**Problem requirements:**
Each entry below should be restated word for word, without any picture it contains.

(Dataset excerpts)
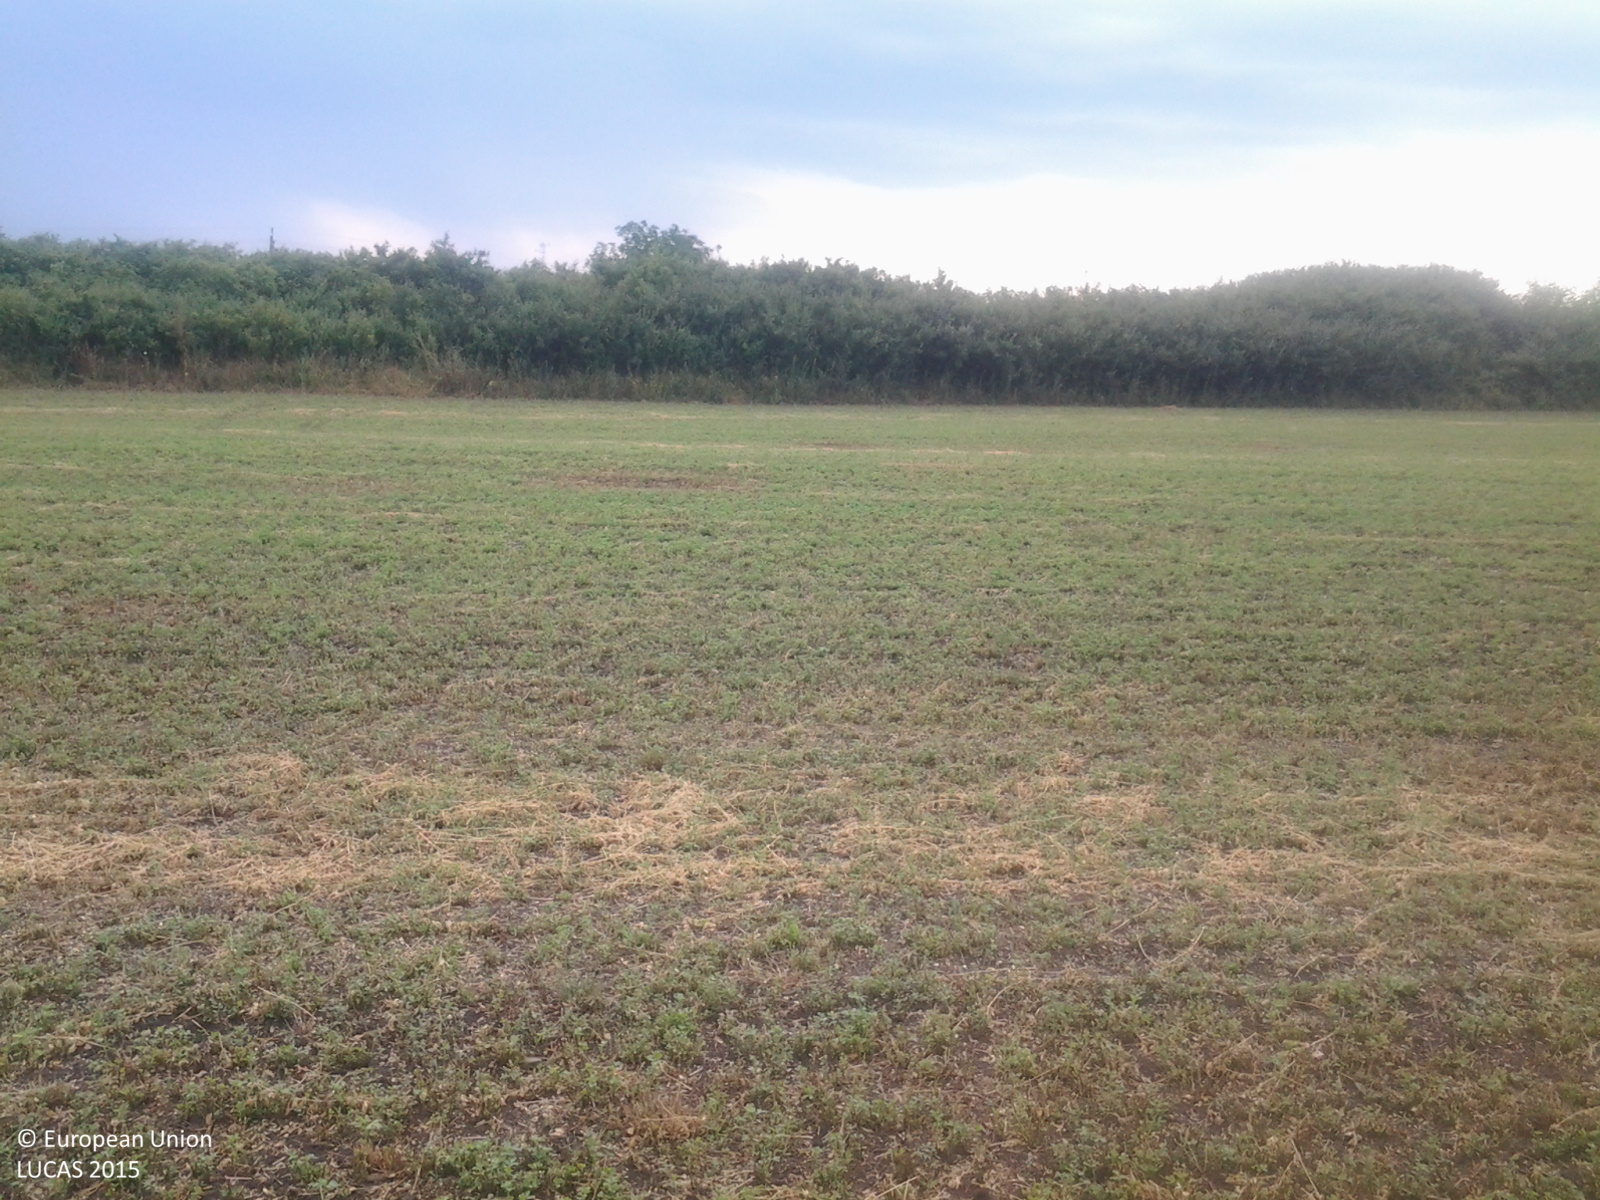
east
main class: Cropland
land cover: Lucerne
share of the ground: > 75 %
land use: Agriculture (excluding fallow land and kitchen gardens)
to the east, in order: Lucerne; Abandoned hedges; Artificial constructions; Inland fresh running water; Arable land (only in case pi)
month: August
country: HU
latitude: 46.9202
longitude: 21.2380
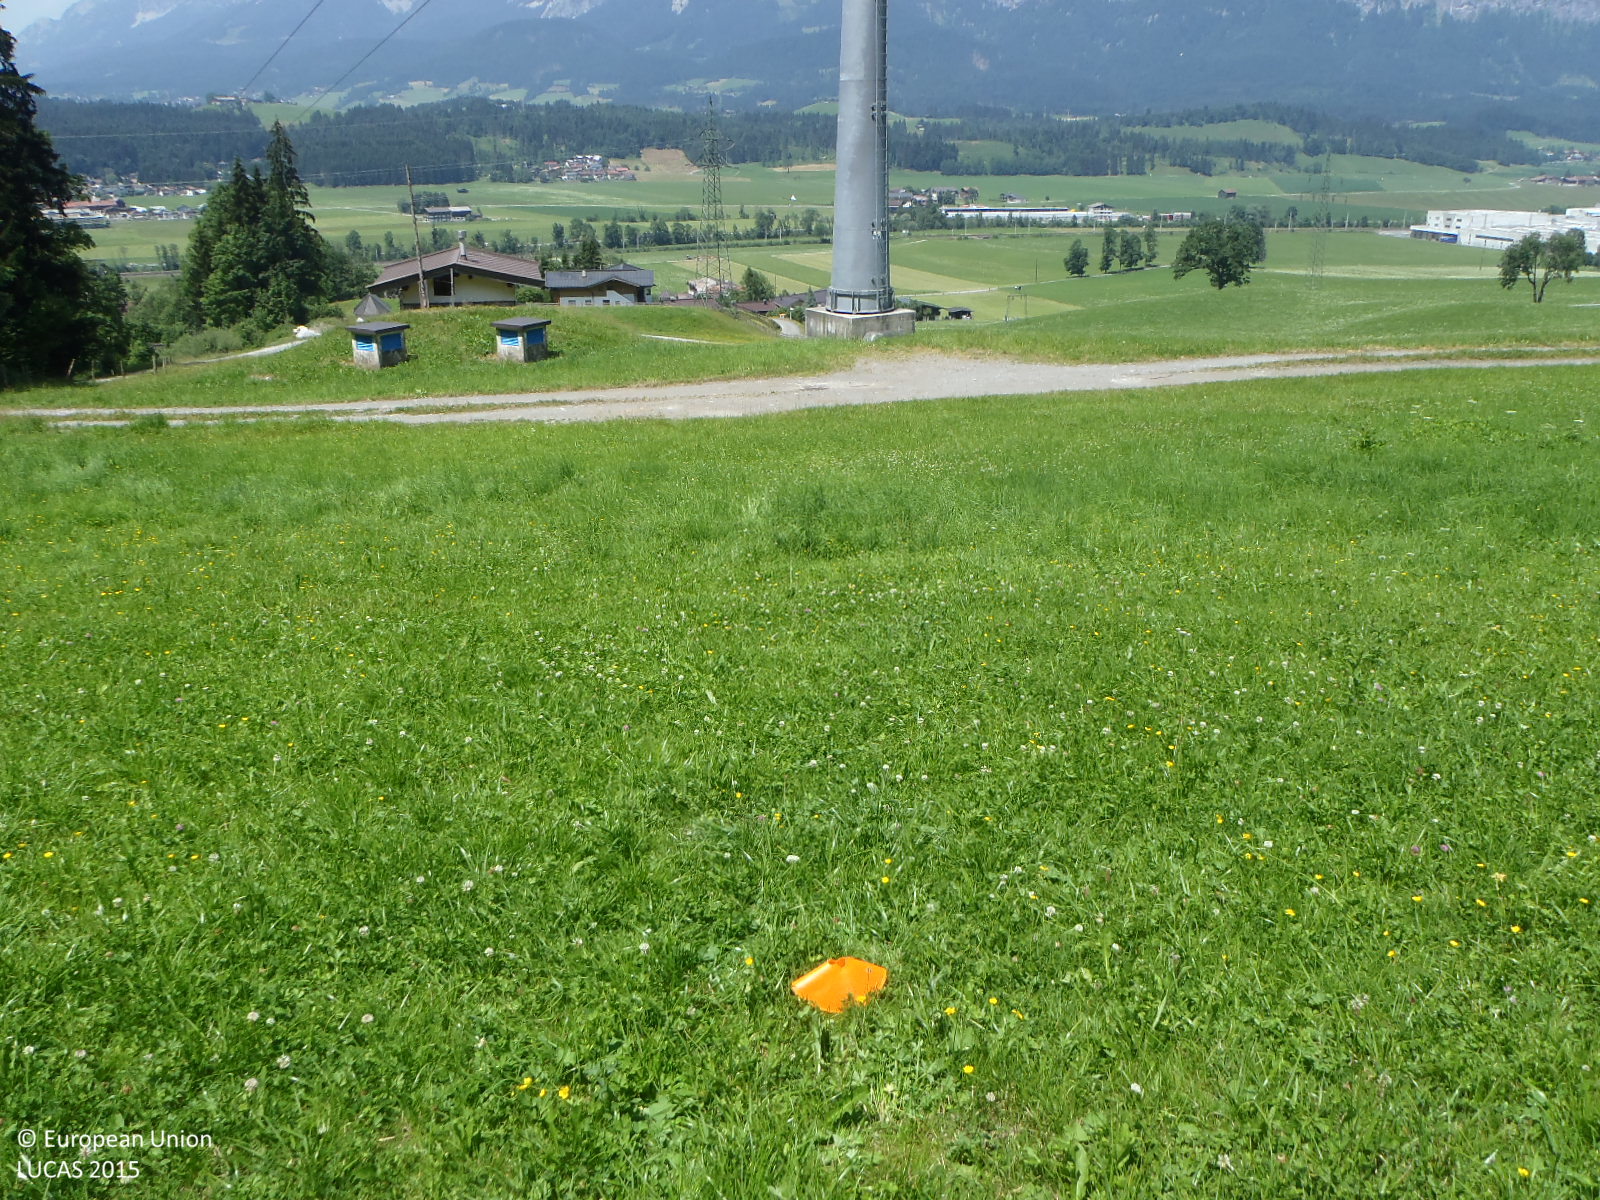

**Solution below:**
east
main class: Cropland
land cover: Lucerne
share of the ground: > 75 %
land use: Agriculture (excluding fallow land and kitchen gardens)
to the east, in order: Lucerne; Abandoned hedges; Artificial constructions; Inland fresh running water; Arable land (only in case pi)
month: August
country: HU
latitude: 46.9202
longitude: 21.2380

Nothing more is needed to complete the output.